Pierre Marietan - Rose Des Vents 2xLP
$27.98
Label: Mana
Our Review
Originally commissioned by the French government in 1981 and released in a private press in 1987, Pierre Marietan's Rose Des Vents is an inimitable blend of field recording, psychoacoustics, sound art and serialist composition. Swiss by origin, Marietan studied composition with Boulez, Pousseur and Stockhausen before moving to France and founding the Groupe d'etude et realisation musicales (GERM) in 1966. Over the next several years, Marietan's interests gradually centered around the study and preservation of urban sound environments, providing the impetus for the project that became Rose Des Vents.
Marietan conceived of Rose Des Vents - idiomatic French for "compass rose" - as an evolving series of site-specific actions and recordings, rooted in the sonic environments of a number of small villages in the Val d'Oise around Paris. Spending up to a week in each of these towns, Marietan recorded the sounds of daily life - barges, trains, birds, carillons, children at play - and later mixed these with studio recordings of brief melodic phrases, largely played on saxophone and keyboard, as well as snippets of synthesizer and electronics.
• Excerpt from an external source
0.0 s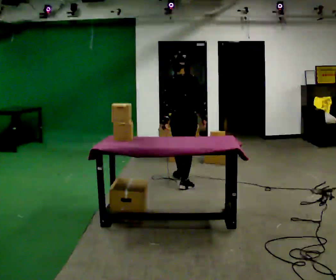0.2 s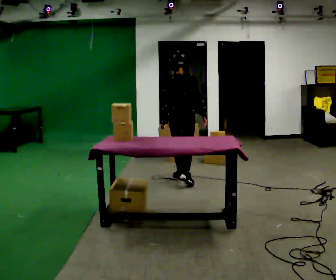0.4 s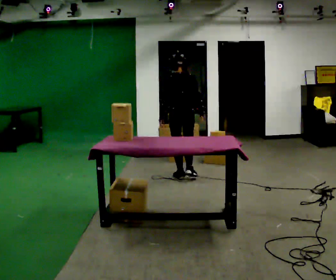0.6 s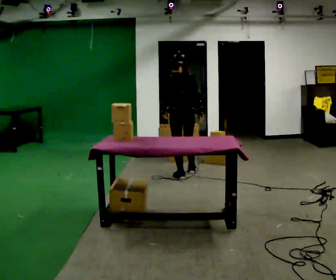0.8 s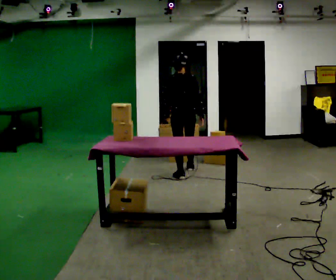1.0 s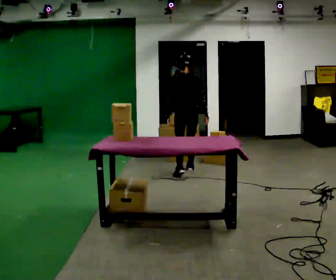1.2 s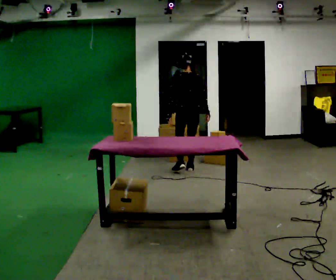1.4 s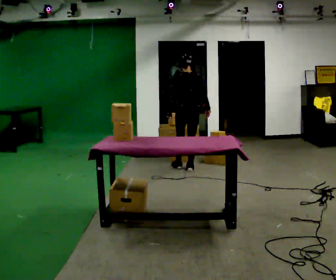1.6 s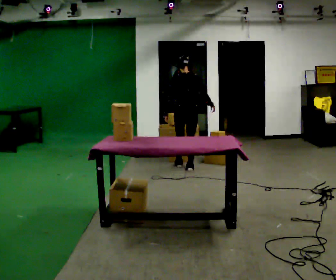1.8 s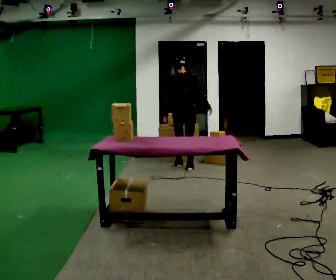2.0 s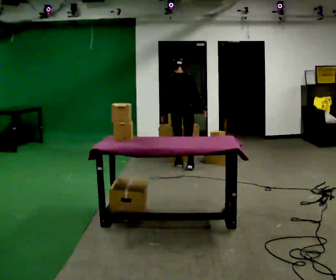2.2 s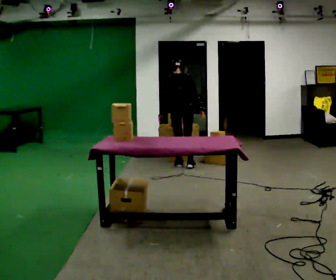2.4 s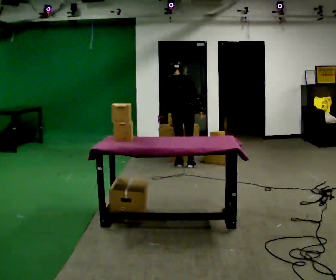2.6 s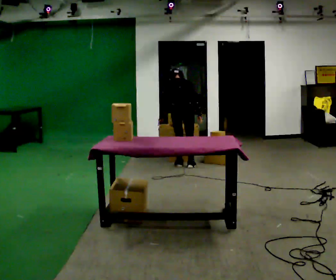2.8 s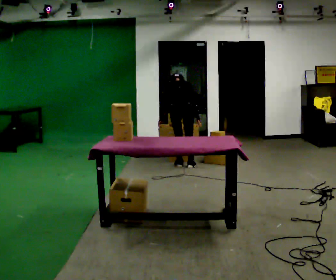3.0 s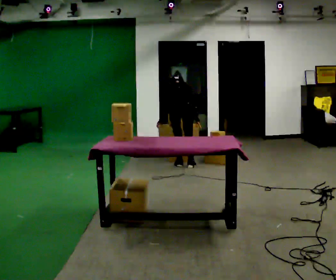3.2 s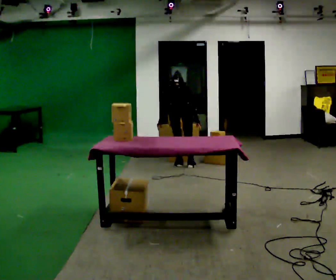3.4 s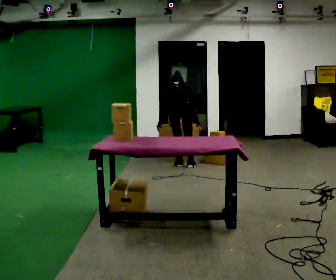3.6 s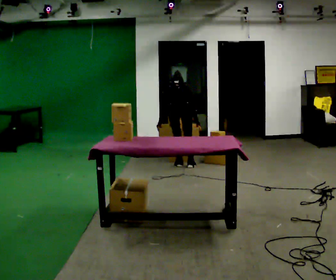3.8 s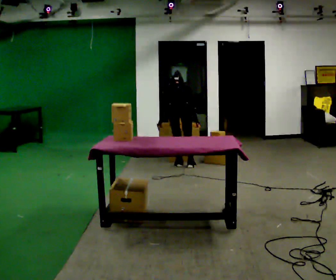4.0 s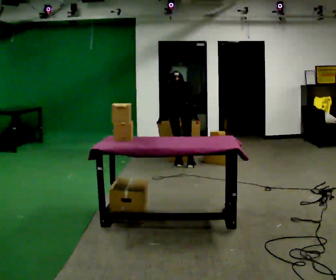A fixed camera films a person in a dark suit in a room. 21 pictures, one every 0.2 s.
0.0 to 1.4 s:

The result cuts the sonics of quotidian chance with elegant compositional restraint. While Rose Des Vents finds its closest analogues in the recordings of Alvin Curran and Luc Ferrari, Marietan's work retains a sense of singularity as it captures the uncanny nature of everyday life and its disarmingly moving acoustics. Mana Records' welcome reissue contextualizes Marietan's work with reflections from the artist as well as a wealth of contemporaneous documentation and ephemera. Truly unlike anything you've ever heard!